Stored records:
>>>>

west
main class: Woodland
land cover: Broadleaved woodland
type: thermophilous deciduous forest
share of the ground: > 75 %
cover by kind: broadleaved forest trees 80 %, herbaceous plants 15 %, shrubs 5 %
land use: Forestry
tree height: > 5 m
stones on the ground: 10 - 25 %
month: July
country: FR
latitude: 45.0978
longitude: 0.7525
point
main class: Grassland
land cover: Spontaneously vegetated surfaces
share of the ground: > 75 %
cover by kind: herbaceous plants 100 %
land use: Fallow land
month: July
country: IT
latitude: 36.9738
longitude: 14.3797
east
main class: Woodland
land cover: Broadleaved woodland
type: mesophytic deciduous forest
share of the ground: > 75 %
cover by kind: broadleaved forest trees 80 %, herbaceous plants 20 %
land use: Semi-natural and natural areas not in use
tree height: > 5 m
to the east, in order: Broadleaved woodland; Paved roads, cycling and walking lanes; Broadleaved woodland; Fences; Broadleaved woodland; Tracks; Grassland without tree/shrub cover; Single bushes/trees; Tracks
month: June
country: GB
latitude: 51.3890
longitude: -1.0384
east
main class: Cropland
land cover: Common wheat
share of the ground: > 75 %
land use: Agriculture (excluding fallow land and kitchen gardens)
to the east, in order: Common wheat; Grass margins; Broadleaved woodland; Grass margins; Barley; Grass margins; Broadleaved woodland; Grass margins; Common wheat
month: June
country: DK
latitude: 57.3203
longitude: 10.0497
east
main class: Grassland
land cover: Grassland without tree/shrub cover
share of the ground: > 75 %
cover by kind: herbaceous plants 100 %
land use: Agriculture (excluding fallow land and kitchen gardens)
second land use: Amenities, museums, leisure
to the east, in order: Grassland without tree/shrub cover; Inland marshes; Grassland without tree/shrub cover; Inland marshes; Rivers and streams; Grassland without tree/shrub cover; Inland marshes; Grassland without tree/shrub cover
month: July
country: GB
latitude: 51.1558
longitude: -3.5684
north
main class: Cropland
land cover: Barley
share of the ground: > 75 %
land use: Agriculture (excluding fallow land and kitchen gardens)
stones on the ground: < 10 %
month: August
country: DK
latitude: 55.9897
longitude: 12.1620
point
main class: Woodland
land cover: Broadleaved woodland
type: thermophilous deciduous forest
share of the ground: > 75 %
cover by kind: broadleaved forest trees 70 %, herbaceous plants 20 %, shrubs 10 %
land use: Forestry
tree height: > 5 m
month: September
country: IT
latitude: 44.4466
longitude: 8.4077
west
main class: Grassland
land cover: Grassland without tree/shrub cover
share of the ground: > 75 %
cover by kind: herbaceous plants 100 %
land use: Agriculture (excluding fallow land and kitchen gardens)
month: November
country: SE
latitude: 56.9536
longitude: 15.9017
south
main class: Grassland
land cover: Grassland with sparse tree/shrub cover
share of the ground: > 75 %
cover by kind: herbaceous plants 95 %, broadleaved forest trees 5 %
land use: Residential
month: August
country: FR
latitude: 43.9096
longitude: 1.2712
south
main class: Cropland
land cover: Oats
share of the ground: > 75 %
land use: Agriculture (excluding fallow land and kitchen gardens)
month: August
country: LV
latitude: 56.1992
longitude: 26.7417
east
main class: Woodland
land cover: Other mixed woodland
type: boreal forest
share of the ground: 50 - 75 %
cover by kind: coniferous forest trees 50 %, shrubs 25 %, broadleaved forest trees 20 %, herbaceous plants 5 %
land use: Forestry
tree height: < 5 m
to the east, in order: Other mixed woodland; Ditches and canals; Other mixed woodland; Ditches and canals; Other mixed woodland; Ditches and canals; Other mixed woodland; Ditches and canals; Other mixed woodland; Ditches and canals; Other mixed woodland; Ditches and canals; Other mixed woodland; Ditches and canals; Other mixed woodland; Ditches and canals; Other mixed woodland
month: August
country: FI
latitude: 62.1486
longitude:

<<<<

WHAT TO PRODUCE: Above are the records; copy every line in them that holds the word "kind".

ANSWER FOR THIS EXERCISE:
cover by kind: broadleaved forest trees 80 %, herbaceous plants 15 %, shrubs 5 %
cover by kind: herbaceous plants 100 %
cover by kind: broadleaved forest trees 80 %, herbaceous plants 20 %
cover by kind: herbaceous plants 100 %
cover by kind: broadleaved forest trees 70 %, herbaceous plants 20 %, shrubs 10 %
cover by kind: herbaceous plants 100 %
cover by kind: herbaceous plants 95 %, broadleaved forest trees 5 %
cover by kind: coniferous forest trees 50 %, shrubs 25 %, broadleaved forest trees 20 %, herbaceous plants 5 %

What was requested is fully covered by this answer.